A new government for Afghanistan?
With the removal of the Taliban from power in Afghanistan, efforts shifted to setting up a government to pull together the fractious group of squabbling factions that exist in that fragmented nation. A feudal society divided along ethnic (Pashtun, Tajik, Hazara, Uzbek, Almaks, Turkmen, Baloch, etc.), tribal, and family lines, the various factions ferociously control their areas of influence and jockey among themselves for power. Warlords control different areas and territories. Into this mix have stepped the U.S. and her allies, to assist in the creation of a government intended to stitch together these disparate pieces into a coherent whole. The intent is to make sure that Afghanistan does not return to a situation of anarchy, in which terrorists can find refuge in a country without central authority.

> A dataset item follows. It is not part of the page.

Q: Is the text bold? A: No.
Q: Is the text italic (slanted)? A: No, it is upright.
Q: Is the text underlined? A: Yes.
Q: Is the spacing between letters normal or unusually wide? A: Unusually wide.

Following a meeting of many of the factions in Bonn, Germany, an interim government was constituted to start the slow process of forming a national government. This is to be followed in six months by a 'loya jirga', or meeting of tribal elders, to determine the shape of a final government. As this process evolves the Bush administration will have to decide which factions or leaders they want to back and lend support to. Hopefully this decision will be based on a solid understanding of the strengths and weaknesses of the various leaders and the interplay among their different positions, and not on a superficial reading of the situation. Meeting with the various power-brokers and players it would be extremely easy to fall victim to
ethnocentrism - gravitating towards and overestimating the importance of the younger, suited and groomed, English-speaking, modern-seeming leader, while ignoring and underestimating the older, dusty, locally-clothed, Daro or Pashto-speaking, feudal-looking, man in the corner who really wields the power.Already, in the earlier stages of the fight against the Taliban, television chains presented interviews with Afghan 'leaders' to their viewing audiences - some of whom turned out to be 'leaders' more by virtue of the fact that they were telegenic and English-speaking than by their actually wielding any real influence in the field. It is to be devoutly hoped that the administration does not make the same error.